> **Work to be completed**
Only the text of the records belongs in the answer, copied exactly, with every picture omitted.

> **Records for processing**

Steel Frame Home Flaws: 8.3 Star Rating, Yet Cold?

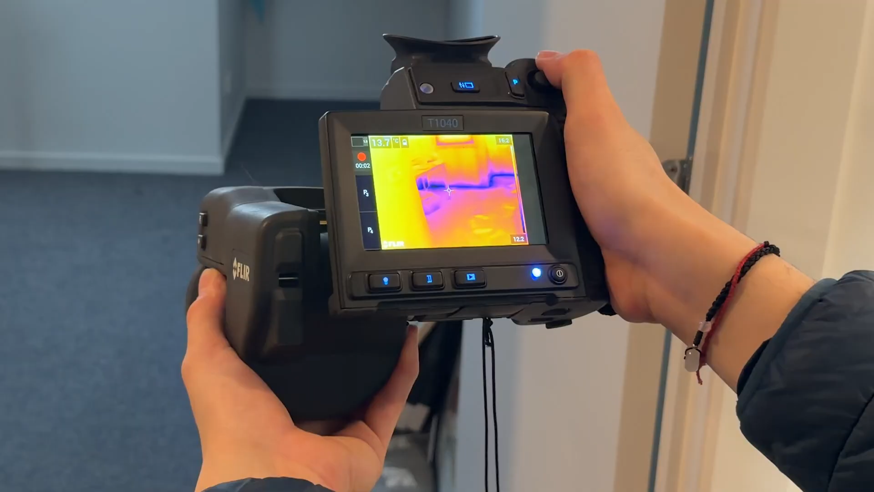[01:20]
Okay, after checking the air leakage, we are going to look through the building envelope to
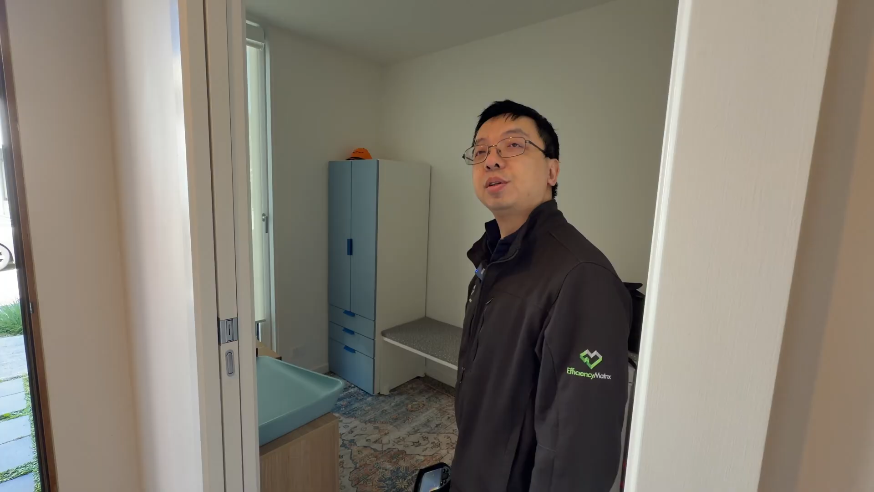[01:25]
see how consistent the insulation is being installed. Let's have a look.
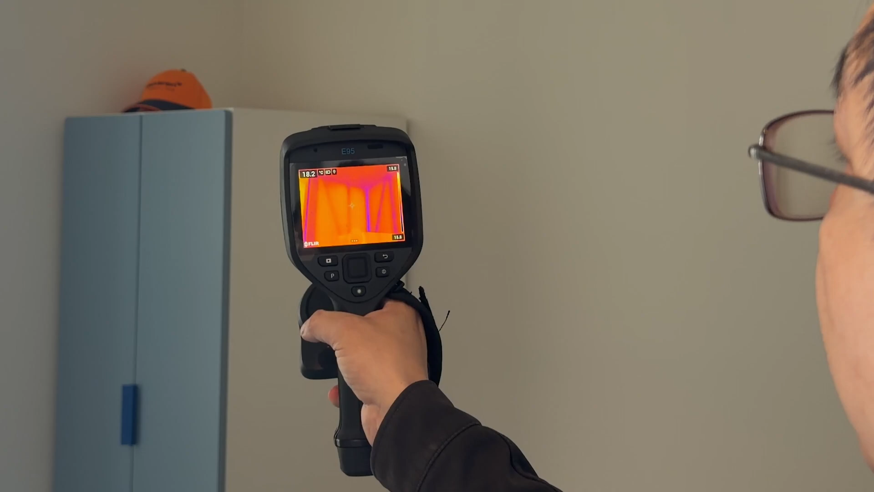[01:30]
There's an easy one and a half degree temperature
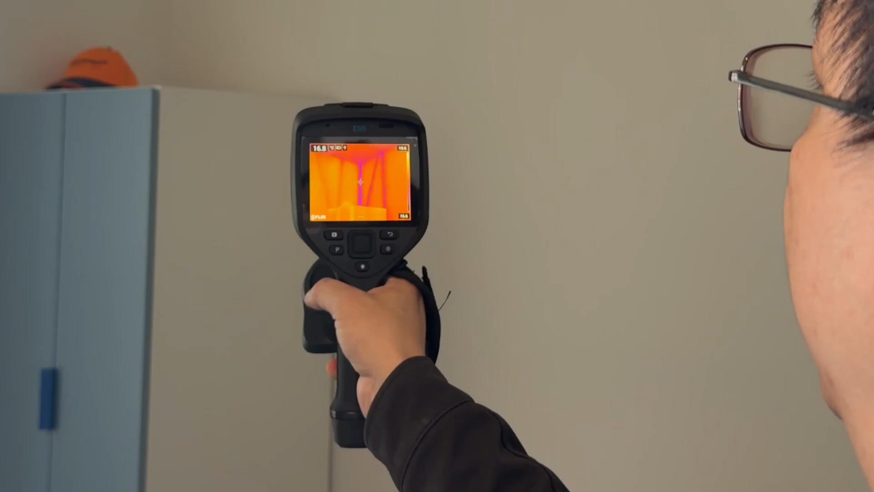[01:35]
difference between the framing element and the insulation.
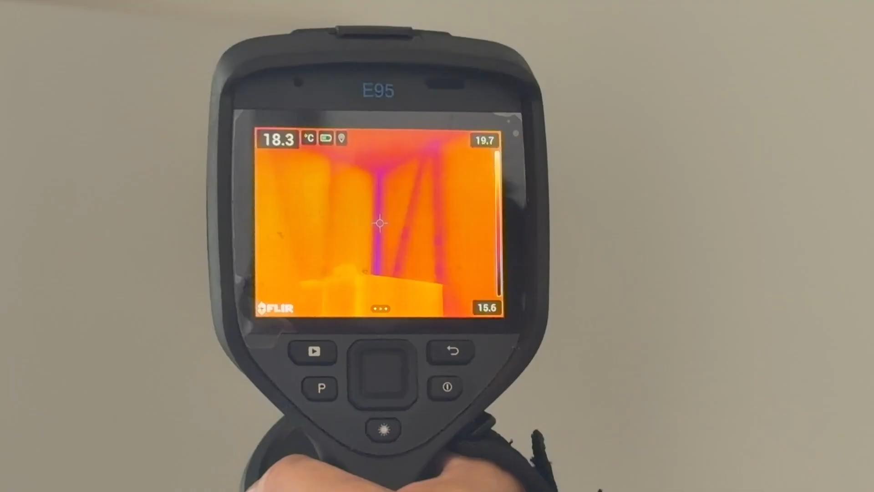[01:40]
On screen: spot 18.3°C
This is a hallmark of steel frame construction and you can see especially at the corner where you got maximum surface area to lose heat to the outside.
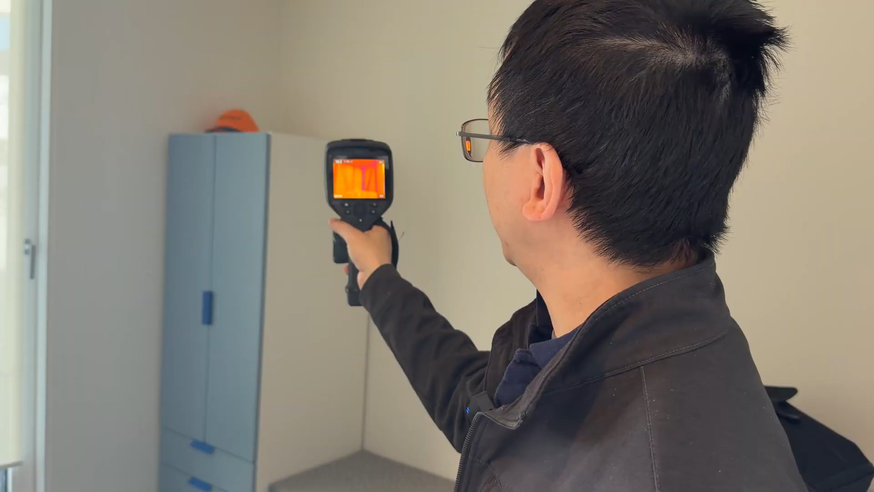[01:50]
The temperature drops a lot cooler than the other more typical steel elements.
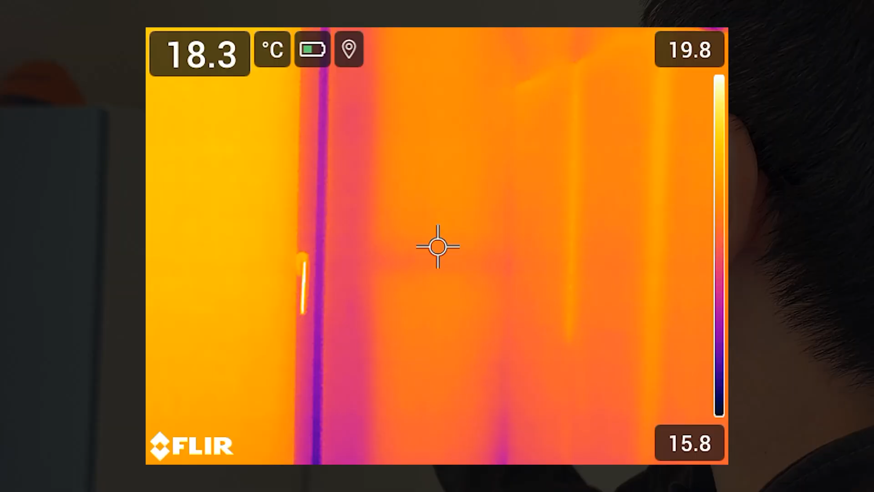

> **Response below**
Steel Frame Home Flaws: 8.3 Star Rating, Yet Cold?

[01:20]
Okay, after checking the air leakage, we are going to look through the building envelope to
[01:25]
see how consistent the insulation is being installed. Let's have a look.
[01:30]
There's an easy one and a half degree temperature
[01:35]
difference between the framing element and the insulation.
[01:40]
On screen: spot 18.3°C
This is a hallmark of steel frame construction and you can see especially at the corner where you got maximum surface area to lose heat to the outside.
[01:50]
The temperature drops a lot cooler than the other more typical steel elements.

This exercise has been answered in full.